I avoided saying what I think is the truth. Life will make you melancholy. Of course it will also delight you, and it can be full of great surprises, but grief and sorrow are part of it too. I couldn’t bring myself to tell C that the sadness she sees in the portraits is in all of us, even in her. Why, I wondered, is it so hard to talk openly about unhappiness and its concurrence with happiness?

Sisyphus is happy

The idea of the co-extensive relationship between sadness and happiness is treated with aching clarity in Albert Camus’s book “The Myth of Sisyphus.” In the short, philosophical work, Camus reimagines the original story of Sisyphus in new, absurdist light.

The original Ancient Greek myth told the story of a crafty king who outsmarted the gods on a few occasions. He was finally sentenced to roll a boulder up a steep hill for eternity. When he reached the top, the boulder would roll back to the bottom of the hill forcing Sisyphus to begin again. For most of us, the punishment sounds agonizing, but Camus revises the typical interpretation of the myth and in the last line of his book he writes, “One must imagine Sisyphus happy.”

How can he be happy? Because Camus believes that fulfillment comes from persevering through the absurdity of life, not from achieving final goals. His absurdism is the philosophical idea that humans desperately seek meaning and purpose in a world that is ultimately futile. Our response, he argues, should be resolute. Neither deny nor avoid the conflict, he says; rather, we should face our despair with passion and creativity. As Camus writes in the penultimate sentence, “The struggle itself towards the heights is enough to fill a man’s heart.” In other words, strive for meaning, therein joy and dignity are found.

Absurdism in photos

There’s philosophical absurdity in Avedon’s photographs on aging. His portraits reveal the intertwining, contradicting components of despair and joy and the struggle between the two. Sadness co-exists with the sharp and bright minds of Parker, of Pound, of Ford, of Levant. It is traceable in the crevices of Samuel Beckett’s face, a grid that is offset by the play and brilliance of his eyes, the arctic blue of them shining through the black and white print. It pulls Igor Stravinsky’s eyes down in the first exposure, a weight he lifts himself out of in the second and third prints. The triptych of Stravinsky is a symphony; there is movement, rhythm and tension.

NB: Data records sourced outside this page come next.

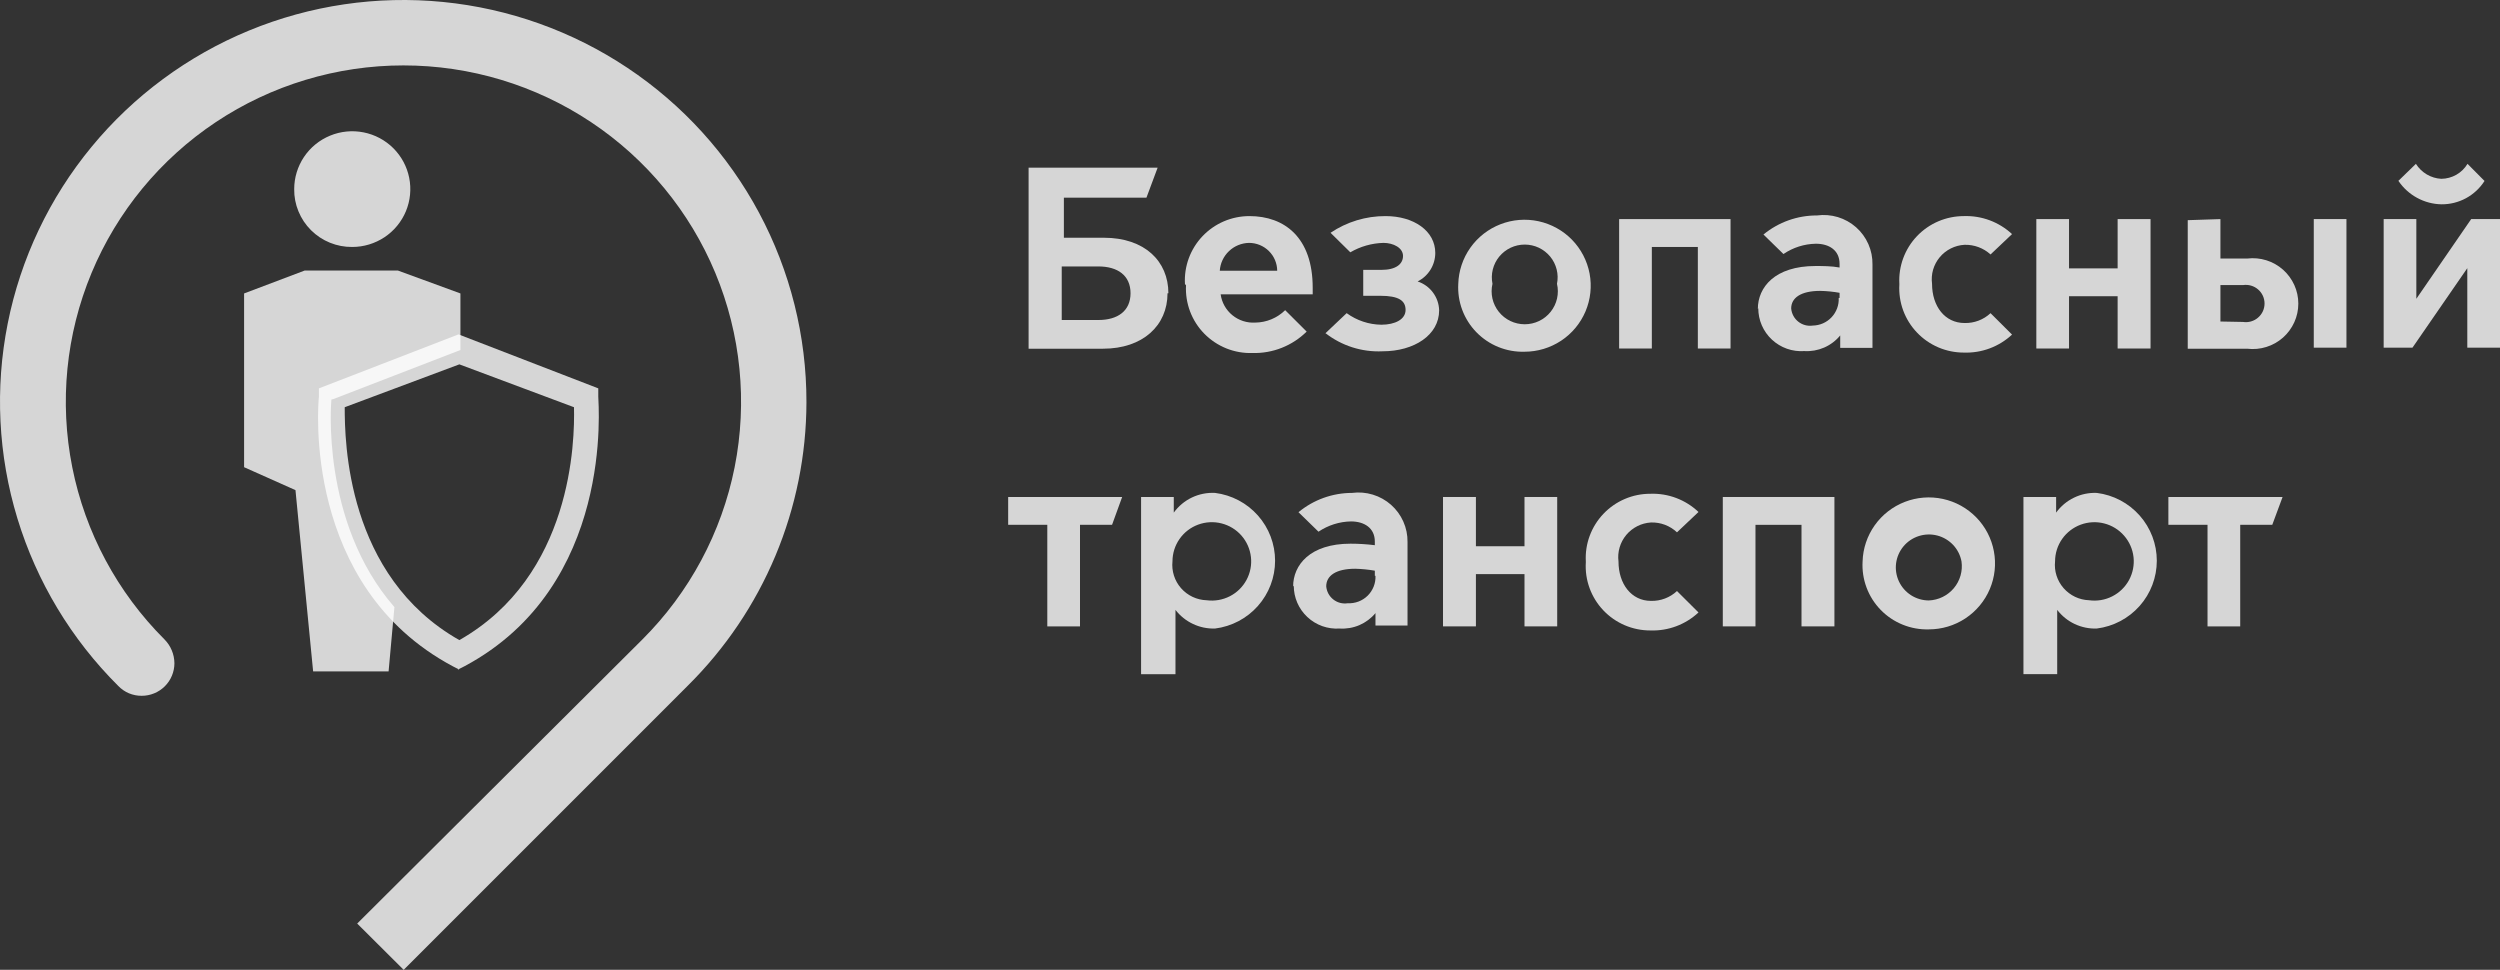 <svg width="116" height="45" viewBox="0 0 116 45" fill="none" xmlns="http://www.w3.org/2000/svg">
<rect x="0" y="0" width="116" height="45" fill="#333333" stroke="none"/>
<path d="M16.345 11.459C16.878 11.459 17.398 11.301 17.842 11.006C18.285 10.711 18.63 10.292 18.834 9.802C19.038 9.311 19.091 8.771 18.987 8.251C18.883 7.73 18.627 7.252 18.25 6.876C17.873 6.501 17.393 6.245 16.87 6.142C16.348 6.038 15.806 6.091 15.314 6.295C14.821 6.498 14.401 6.842 14.105 7.283C13.809 7.725 13.651 8.244 13.651 8.774C13.646 9.128 13.713 9.479 13.848 9.806C13.982 10.134 14.18 10.431 14.431 10.681C14.682 10.931 14.98 11.129 15.309 11.262C15.638 11.396 15.99 11.463 16.345 11.459Z" fill="white" fill-opacity="0.8"/>
<path d="M15.467 18.517L21.364 16.24V13.616L18.46 12.552H14.139L11.326 13.616V21.678L13.71 22.742L14.529 31.152H18.031L18.301 28.17C14.838 24.193 15.377 18.537 15.377 18.537" fill="white" fill-opacity="0.8"/>
<path d="M15.995 18.895C15.995 20.455 16.065 26.728 21.314 29.701C26.563 26.718 26.672 20.455 26.633 18.895L21.314 16.906L15.995 18.895ZM21.314 31.073L21.005 30.913C14.02 27.186 14.758 18.745 14.798 18.398V18.02L21.274 15.515L27.76 18.02V18.398C27.76 18.745 28.529 27.186 21.554 30.913L21.234 31.073H21.314Z" fill="white" fill-opacity="0.8"/>
<path d="M37.419 18.666C37.424 15.599 36.668 12.579 35.22 9.872C33.772 7.166 31.676 4.857 29.118 3.151C26.56 1.445 23.619 0.394 20.556 0.091C17.492 -0.212 14.401 0.244 11.557 1.416C8.712 2.589 6.202 4.442 4.249 6.813C2.295 9.183 0.959 11.997 0.359 15.005C-0.241 18.013 -0.087 21.122 0.808 24.057C1.702 26.991 3.31 29.661 5.488 31.828C5.628 31.974 5.797 32.09 5.984 32.169C6.172 32.247 6.373 32.287 6.576 32.285C6.775 32.285 6.972 32.246 7.156 32.17C7.34 32.094 7.507 31.983 7.648 31.843C7.789 31.702 7.901 31.536 7.977 31.352C8.053 31.169 8.093 30.973 8.093 30.774C8.089 30.361 7.925 29.965 7.634 29.671C5.445 27.487 3.955 24.706 3.353 21.679C2.75 18.652 3.062 15.515 4.248 12.665C5.435 9.814 7.443 7.378 10.018 5.664C12.594 3.95 15.622 3.035 18.72 3.035C21.817 3.035 24.845 3.95 27.421 5.664C29.997 7.378 32.005 9.814 33.191 12.665C34.377 15.515 34.689 18.652 34.087 21.679C33.484 24.706 31.994 27.487 29.806 29.671L16.574 42.853L18.73 45L31.911 31.818C33.652 30.094 35.035 28.045 35.98 25.788C36.925 23.532 37.414 21.111 37.419 18.666Z" fill="white" fill-opacity="0.8"/>
<path d="M54.173 13.606C54.173 15.107 53.026 16.18 51.18 16.18H47.727V7.78H53.714L53.195 9.172H49.364V11.031H51.22C53.106 11.031 54.213 12.115 54.213 13.606H54.173ZM50.97 12.363H49.264V14.848H50.97C51.858 14.848 52.457 14.431 52.457 13.606C52.457 12.781 51.858 12.363 50.97 12.363Z" fill="white" fill-opacity="0.8"/>
<path d="M54.982 13.179C54.958 12.773 55.019 12.367 55.159 11.985C55.299 11.604 55.516 11.255 55.796 10.96C56.076 10.665 56.414 10.43 56.789 10.269C57.164 10.109 57.567 10.027 57.975 10.027C59.602 10.027 60.909 11.021 60.909 13.348V13.656H56.638C56.69 14.036 56.885 14.383 57.183 14.626C57.481 14.87 57.86 14.992 58.245 14.968C58.765 14.963 59.262 14.756 59.632 14.392L60.629 15.386C60.299 15.712 59.906 15.968 59.474 16.139C59.042 16.31 58.58 16.392 58.115 16.38C57.7 16.393 57.288 16.32 56.903 16.166C56.519 16.011 56.17 15.779 55.88 15.484C55.59 15.189 55.365 14.836 55.219 14.45C55.073 14.063 55.009 13.651 55.031 13.238L54.982 13.179ZM59.262 12.562C59.26 12.219 59.121 11.89 58.876 11.648C58.631 11.406 58.3 11.27 57.955 11.27C57.608 11.277 57.275 11.413 57.024 11.653C56.773 11.892 56.62 12.217 56.598 12.562H59.262Z" fill="white" fill-opacity="0.8"/>
<path d="M61.487 15.475L62.485 14.53C62.952 14.871 63.513 15.059 64.092 15.067C64.731 15.067 65.219 14.819 65.219 14.381C65.219 13.944 64.89 13.725 64.052 13.725H63.254V12.522H64.102C64.77 12.522 65.1 12.254 65.1 11.876C65.1 11.498 64.651 11.27 64.192 11.27C63.651 11.284 63.122 11.435 62.655 11.707L61.737 10.802C62.491 10.293 63.381 10.023 64.291 10.027C65.599 10.027 66.597 10.713 66.597 11.737C66.596 12.011 66.52 12.28 66.375 12.513C66.231 12.747 66.024 12.936 65.778 13.059C66.063 13.153 66.312 13.332 66.49 13.573C66.669 13.813 66.769 14.102 66.776 14.401C66.776 15.544 65.619 16.3 64.152 16.3C63.194 16.345 62.252 16.045 61.498 15.455L61.487 15.475Z" fill="white" fill-opacity="0.8"/>
<path d="M67.664 13.169C67.682 12.567 67.877 11.984 68.225 11.493C68.573 11.001 69.059 10.623 69.622 10.405C70.185 10.186 70.8 10.138 71.39 10.266C71.981 10.395 72.52 10.693 72.941 11.124C73.361 11.556 73.645 12.102 73.757 12.693C73.868 13.284 73.802 13.895 73.567 14.45C73.332 15.004 72.939 15.477 72.435 15.81C71.932 16.142 71.341 16.32 70.738 16.32C70.323 16.332 69.911 16.258 69.526 16.102C69.142 15.947 68.795 15.713 68.506 15.417C68.217 15.121 67.993 14.768 67.848 14.381C67.703 13.994 67.641 13.581 67.664 13.169ZM72.244 13.169C72.289 12.948 72.284 12.72 72.229 12.502C72.174 12.283 72.072 12.079 71.929 11.905C71.785 11.731 71.605 11.591 71.401 11.494C71.197 11.398 70.974 11.348 70.748 11.348C70.522 11.348 70.298 11.398 70.094 11.494C69.89 11.591 69.71 11.731 69.566 11.905C69.423 12.079 69.321 12.283 69.266 12.502C69.211 12.72 69.206 12.948 69.251 13.169C69.198 13.393 69.198 13.627 69.248 13.851C69.299 14.076 69.4 14.287 69.544 14.467C69.688 14.648 69.871 14.794 70.079 14.894C70.288 14.994 70.516 15.046 70.748 15.046C70.979 15.046 71.207 14.994 71.416 14.894C71.624 14.794 71.807 14.648 71.951 14.467C72.095 14.287 72.196 14.076 72.247 13.851C72.297 13.627 72.297 13.393 72.244 13.169Z" fill="white" fill-opacity="0.8"/>
<path d="M75.128 10.166H80.297V16.171H78.78V11.459H76.645V16.171H75.128V10.166Z" fill="white" fill-opacity="0.8"/>
<path d="M81.564 14.332C81.564 13.338 82.343 12.343 84.239 12.343C84.548 12.343 84.997 12.343 85.356 12.413V12.244C85.356 11.608 84.867 11.309 84.258 11.309C83.72 11.318 83.196 11.484 82.752 11.787L81.824 10.882C82.523 10.307 83.402 9.994 84.308 9.997C84.632 9.953 84.962 9.979 85.275 10.073C85.588 10.168 85.877 10.329 86.122 10.545C86.366 10.761 86.561 11.028 86.692 11.326C86.824 11.625 86.889 11.948 86.883 12.274V16.141H85.386V15.564C85.186 15.808 84.93 16.001 84.641 16.127C84.351 16.253 84.035 16.309 83.72 16.29C83.446 16.309 83.171 16.272 82.913 16.181C82.654 16.089 82.418 15.946 82.217 15.759C82.017 15.573 81.857 15.347 81.748 15.096C81.639 14.845 81.584 14.575 81.584 14.302L81.564 14.332ZM85.356 13.825V13.586C85.059 13.533 84.759 13.503 84.458 13.497C83.55 13.497 83.111 13.825 83.111 14.312C83.121 14.431 83.155 14.546 83.211 14.651C83.267 14.757 83.344 14.849 83.438 14.924C83.531 14.998 83.639 15.053 83.754 15.085C83.87 15.116 83.99 15.124 84.109 15.107C84.273 15.104 84.436 15.069 84.587 15.003C84.737 14.936 84.873 14.841 84.985 14.721C85.098 14.601 85.185 14.46 85.242 14.306C85.299 14.152 85.324 13.989 85.316 13.825H85.356Z" fill="white" fill-opacity="0.8"/>
<path d="M88.13 13.169C88.108 12.764 88.17 12.359 88.31 11.979C88.451 11.598 88.668 11.25 88.948 10.956C89.228 10.662 89.566 10.428 89.94 10.268C90.314 10.109 90.717 10.027 91.124 10.027C91.533 10.013 91.941 10.08 92.325 10.223C92.708 10.366 93.06 10.584 93.359 10.862L92.361 11.807C92.032 11.507 91.599 11.347 91.154 11.359C90.932 11.371 90.716 11.428 90.518 11.528C90.32 11.627 90.144 11.766 90.003 11.936C89.861 12.106 89.757 12.303 89.695 12.515C89.634 12.727 89.618 12.95 89.647 13.169C89.647 14.213 90.246 14.988 91.154 14.988C91.601 15 92.035 14.836 92.361 14.531L93.359 15.525C93.06 15.803 92.708 16.021 92.325 16.164C91.941 16.308 91.533 16.374 91.124 16.36C90.716 16.36 90.312 16.278 89.938 16.118C89.563 15.957 89.225 15.723 88.945 15.427C88.664 15.132 88.447 14.783 88.307 14.402C88.167 14.02 88.107 13.614 88.13 13.208V13.169Z" fill="white" fill-opacity="0.8"/>
<path d="M94.486 10.166H96.003V12.453H98.258V10.166H99.785V16.171H98.258V13.745H96.003V16.171H94.486V10.166Z" fill="white" fill-opacity="0.8"/>
<path d="M103.028 10.166V11.996H104.275C104.572 11.96 104.873 11.988 105.159 12.077C105.444 12.166 105.707 12.314 105.931 12.512C106.154 12.71 106.333 12.953 106.456 13.224C106.579 13.496 106.642 13.79 106.642 14.088C106.642 14.386 106.579 14.681 106.456 14.952C106.333 15.224 106.154 15.467 105.931 15.665C105.707 15.862 105.444 16.011 105.159 16.099C104.873 16.189 104.572 16.216 104.275 16.181H101.511V10.216L103.028 10.166ZM104.076 14.938C104.199 14.957 104.326 14.949 104.446 14.915C104.566 14.88 104.678 14.821 104.772 14.739C104.867 14.658 104.944 14.558 104.996 14.444C105.048 14.331 105.075 14.208 105.075 14.083C105.075 13.959 105.048 13.835 104.996 13.722C104.944 13.609 104.867 13.508 104.772 13.427C104.678 13.346 104.566 13.286 104.446 13.252C104.326 13.217 104.199 13.21 104.076 13.228H103.028V14.918L104.076 14.938ZM107.359 10.166H108.875V16.131H107.359V10.166Z" fill="white" fill-opacity="0.8"/>
<path d="M110.592 10.166H112.118V13.864L114.663 10.166H116V16.131H114.483V12.443L111.939 16.131H110.602V10.166H110.592ZM111.28 8.397L112.098 7.602C112.224 7.803 112.397 7.971 112.602 8.093C112.807 8.214 113.038 8.284 113.276 8.297C113.522 8.295 113.763 8.229 113.976 8.108C114.189 7.986 114.367 7.812 114.493 7.602L115.282 8.397C115.068 8.731 114.773 9.006 114.424 9.196C114.075 9.385 113.683 9.483 113.286 9.48C112.89 9.473 112.502 9.37 112.155 9.181C111.808 8.993 111.511 8.724 111.29 8.397H111.28Z" fill="white" fill-opacity="0.8"/>
<path d="M48.595 24.352H46.779V23.06H52.068L51.599 24.352H50.112V29.064H48.595V24.352Z" fill="white" fill-opacity="0.8"/>
<path d="M54.463 31.282H52.946V23.06H54.463V23.786C54.679 23.486 54.969 23.245 55.303 23.085C55.638 22.925 56.008 22.852 56.379 22.871C57.148 22.968 57.855 23.341 58.368 23.92C58.881 24.499 59.164 25.245 59.164 26.018C59.164 26.79 58.881 27.536 58.368 28.115C57.855 28.695 57.148 29.067 56.379 29.164C56.026 29.175 55.675 29.103 55.356 28.952C55.036 28.802 54.758 28.578 54.542 28.299V31.282H54.463ZM55.989 27.852C56.357 27.9 56.731 27.836 57.062 27.667C57.392 27.499 57.663 27.234 57.838 26.908C58.014 26.582 58.085 26.211 58.043 25.843C58.001 25.476 57.848 25.13 57.604 24.851C57.36 24.573 57.036 24.375 56.676 24.285C56.317 24.194 55.938 24.215 55.59 24.344C55.242 24.473 54.942 24.705 54.73 25.009C54.518 25.312 54.404 25.673 54.403 26.043C54.379 26.267 54.403 26.493 54.471 26.708C54.539 26.923 54.652 27.122 54.8 27.291C54.949 27.461 55.132 27.599 55.336 27.695C55.541 27.791 55.763 27.845 55.989 27.852Z" fill="white" fill-opacity="0.8"/>
<path d="M60.001 27.216C60.001 26.221 60.779 25.227 62.665 25.227C63.042 25.227 63.418 25.251 63.792 25.297V25.128C63.792 24.492 63.294 24.194 62.685 24.194C62.147 24.204 61.624 24.37 61.178 24.671L60.25 23.766C60.948 23.188 61.827 22.872 62.735 22.871C63.059 22.828 63.388 22.856 63.7 22.951C64.012 23.046 64.3 23.207 64.545 23.423C64.789 23.639 64.984 23.905 65.115 24.202C65.248 24.5 65.314 24.823 65.309 25.148V29.025H63.822V28.448C63.621 28.69 63.365 28.881 63.076 29.006C62.786 29.13 62.471 29.184 62.156 29.164C61.883 29.182 61.61 29.143 61.352 29.052C61.095 28.959 60.859 28.816 60.66 28.629C60.461 28.443 60.302 28.218 60.194 27.968C60.086 27.718 60.03 27.448 60.031 27.176L60.001 27.216ZM63.792 26.718V26.48C63.492 26.427 63.189 26.398 62.885 26.39C61.976 26.39 61.537 26.718 61.537 27.206C61.547 27.324 61.581 27.439 61.637 27.544C61.694 27.649 61.771 27.741 61.865 27.815C61.958 27.889 62.066 27.942 62.181 27.973C62.297 28.003 62.417 28.009 62.535 27.991C62.706 27.999 62.876 27.972 63.035 27.912C63.195 27.851 63.34 27.758 63.461 27.638C63.582 27.518 63.676 27.374 63.739 27.216C63.801 27.058 63.83 26.888 63.822 26.718H63.792Z" fill="white" fill-opacity="0.8"/>
<path d="M66.956 23.06H68.482V25.346H70.737V23.06H72.254V29.064H70.737V26.639H68.482V29.064H66.956V23.06Z" fill="white" fill-opacity="0.8"/>
<path d="M73.582 26.052C73.56 25.647 73.621 25.242 73.762 24.862C73.903 24.482 74.12 24.134 74.4 23.84C74.68 23.546 75.017 23.312 75.391 23.152C75.765 22.992 76.168 22.91 76.575 22.911C76.985 22.896 77.395 22.963 77.778 23.108C78.162 23.253 78.513 23.473 78.81 23.756L77.812 24.7C77.651 24.548 77.462 24.43 77.255 24.351C77.047 24.273 76.827 24.236 76.605 24.243C76.384 24.256 76.168 24.314 75.971 24.414C75.774 24.514 75.599 24.652 75.458 24.822C75.317 24.992 75.212 25.188 75.15 25.4C75.088 25.611 75.07 25.834 75.098 26.052C75.098 27.096 75.697 27.881 76.605 27.881C77.052 27.893 77.486 27.729 77.812 27.424L78.81 28.418C78.511 28.697 78.16 28.914 77.776 29.058C77.393 29.201 76.984 29.267 76.575 29.253C76.166 29.254 75.762 29.171 75.386 29.01C75.011 28.849 74.673 28.614 74.392 28.317C74.112 28.021 73.895 27.671 73.756 27.288C73.616 26.905 73.557 26.498 73.582 26.092V26.052Z" fill="white" fill-opacity="0.8"/>
<path d="M79.938 23.06H85.117V29.064H83.59V24.352H81.454V29.064H79.938V23.06Z" fill="white" fill-opacity="0.8"/>
<path d="M86.424 26.052C86.441 25.451 86.637 24.868 86.985 24.376C87.333 23.884 87.819 23.506 88.382 23.288C88.945 23.07 89.56 23.022 90.15 23.15C90.74 23.278 91.279 23.576 91.7 24.008C92.121 24.439 92.405 24.985 92.516 25.576C92.628 26.168 92.562 26.779 92.327 27.333C92.092 27.887 91.698 28.36 91.195 28.693C90.692 29.026 90.101 29.203 89.497 29.203C89.083 29.215 88.67 29.141 88.286 28.985C87.902 28.83 87.554 28.597 87.265 28.3C86.977 28.004 86.752 27.651 86.608 27.264C86.463 26.877 86.4 26.464 86.424 26.052ZM91.014 26.052C90.961 25.766 90.827 25.501 90.629 25.288C90.43 25.076 90.175 24.923 89.893 24.849C89.61 24.776 89.313 24.784 89.035 24.872C88.757 24.96 88.51 25.126 88.323 25.349C88.136 25.572 88.017 25.844 87.979 26.132C87.941 26.42 87.987 26.713 88.11 26.976C88.233 27.24 88.429 27.463 88.674 27.62C88.92 27.776 89.205 27.86 89.497 27.861C89.72 27.852 89.938 27.797 90.138 27.699C90.338 27.601 90.515 27.462 90.658 27.292C90.801 27.121 90.906 26.923 90.968 26.709C91.029 26.496 91.045 26.272 91.014 26.052Z" fill="white" fill-opacity="0.8"/>
<path d="M95.404 31.281H93.888V23.06H95.404V23.785C95.618 23.49 95.903 23.251 96.232 23.092C96.561 22.932 96.925 22.856 97.29 22.871C98.06 22.967 98.767 23.34 99.28 23.92C99.793 24.499 100.076 25.245 100.076 26.017C100.076 26.79 99.793 27.536 99.28 28.115C98.767 28.694 98.06 29.067 97.29 29.164C96.937 29.177 96.586 29.105 96.266 28.954C95.947 28.804 95.668 28.579 95.454 28.299V31.281H95.404ZM96.931 27.851C97.299 27.902 97.674 27.84 98.005 27.672C98.337 27.505 98.609 27.241 98.786 26.916C98.963 26.59 99.036 26.219 98.996 25.851C98.955 25.483 98.803 25.136 98.559 24.857C98.316 24.577 97.993 24.378 97.633 24.287C97.273 24.195 96.893 24.215 96.545 24.344C96.197 24.473 95.896 24.704 95.683 25.008C95.471 25.311 95.356 25.672 95.355 26.042C95.331 26.266 95.354 26.491 95.422 26.706C95.49 26.92 95.601 27.118 95.749 27.288C95.897 27.457 96.078 27.595 96.281 27.692C96.485 27.789 96.706 27.843 96.931 27.851Z" fill="white" fill-opacity="0.8"/>
<path d="M102.429 24.352H100.613V23.06H105.912L105.433 24.352H103.946V29.064H102.429V24.352Z" fill="white" fill-opacity="0.8"/>
</svg>

Part of the reason we like to celebrate our happiness is because it is ephemeral. There will always be an event that adds another line to our face, that contorts our body, that drains the fire in our gaze, so why not mark the good times? This makes sense. But it also makes sense to concede that there is sadness in all of us, and that if we live long enough, we will have losses. From that concession, maybe we’ll be a little more like Avedon and Sisyphus — comfortable with the contradictions and happy to strive.